Editorial Autores de Argentina

Vera, Erica Alejandra

Un árbol solo / Erica Alejandra Vera. - 1a ed. - Ciudad Autónoma de Buenos Aires : Autores de Argentina, 2017.

120 p. ; 20 x 14 cm.

ISBN 978-987-761-044-4

1. Narrativa Argentina. 2. Cuentos. I. Título.

CDD 863

Editorial Autores de Argentina

www.autoresdeargentina.com

Mail: [email protected]

Coordinación de producción: Helena Maso Baldi

Diseño de portada: Justo Echeverría

Ilustración de portada: Nadia Bellani

Maquetado: Eleonora Silva

Queda hecho el depósito que establece la LEY 11.723

Impreso en Argentina – Printed in Argentina

A mis viejos. A mi amor; las raíces de mi árbol.

Gracias.

Sin ustedes, nada sería como es.

Reflexiones a modo de prólogo

El cuento es el mayor desafío de un escritor. Es el puerto que permite al lector novel llegar o no a otro puerto. Es el ingreso a la gran literatura, a los nuevos caminos que proponen el arte y, por qué no, la comunicación. Es la facultad de transportar con maestría y cierta candidez a esos relatos de la oralidad, la fábula, la fantasía y por qué no la mentira cuando éramos chicos.

Este primer paso plasmado en un nuevo volumen que nos muestra lugares y realidades tan diferentes hace de Érica Vera una cuentista talentosa, sincera y ecléctica. A lo largo de esta selección pasaremos por voces y lugares tan cotidianos en lo concreto como en lo imaginario. Trenes con horarios chinos, con asientos imposibles, casas embrujadas y la infancia que, permítanme, es un lugar gráfico también. Desde un lugar de lector doy la bienvenida a una de las jóvenes promesas del cuento y la literatura argentina. Gracias, señorita Érica.
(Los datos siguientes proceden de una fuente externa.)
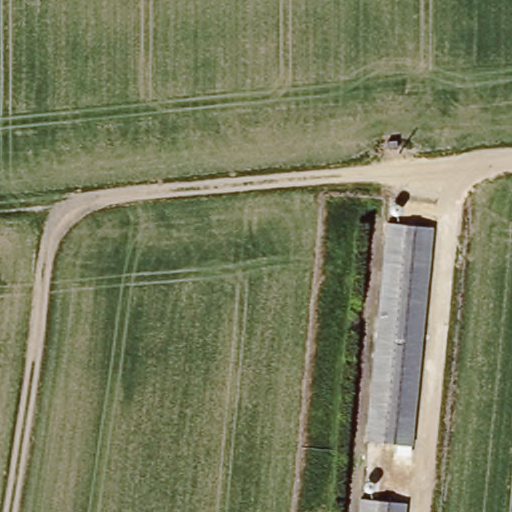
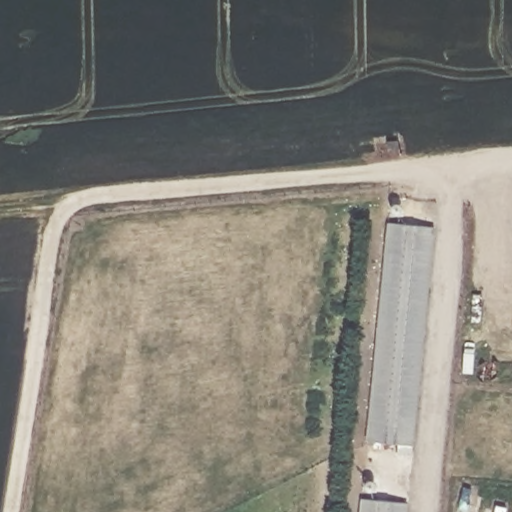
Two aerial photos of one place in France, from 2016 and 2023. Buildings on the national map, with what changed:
unchanged [(417,442),(362,442),(384,222),(438,227),(417,442)]
unchanged [(411,512),(357,512),(359,493),(412,499),(411,512)]

Ciudadela, junio de 2017,hace 22 grados y estamos en invierno.

José Luis Ottati

A la Sarna, querida.

Bicicletas abandonadas

Faltaban quince minutos para las doce de la noche. Agazapados detrás de unos arbustos, Federico y Leonardo esperaban a Pablo y a Ezequiel.

–¿A qué hora te dijo que venían? –le preguntó Federico a un Leonardo atento a las calles, a las luces y a las sombras.

–Once y media.

–¿Y qué hora es?

–Las doce, casi.

–No van a venir. ¡Acordate!

Permanecieron unos minutos más, acuclilladlos y acalambrados. Los nervios de Leonardo crecían cada vez que un minuto pasaba en su reloj pulsera. Federico tenía ganas de volver a su casa. No sabía por qué se había encaminado en aquel disparate. Y para colmo, los dos artífices del plan no parecían llegar.

El ruido de una bicicleta destartalada les crispó la piel. Se miraron en lo más profundo de los ojos. ¿Quién podría ser?, ¿a esas horas? Si bien la noche estaba clara y hacía bastante calor, nadie se aventuraría a esa parte del pueblo. Se acomodaron de tal manera que el recién llegado no los descubriera. Antes, querían estar seguros de que se tratase de Pablo o Ezequiel. Esperaron atentos, casi sin respirar a que, desde la esquina, la sombra que emergía desde la oscuridad se volviera nítida bajo la luz de calle.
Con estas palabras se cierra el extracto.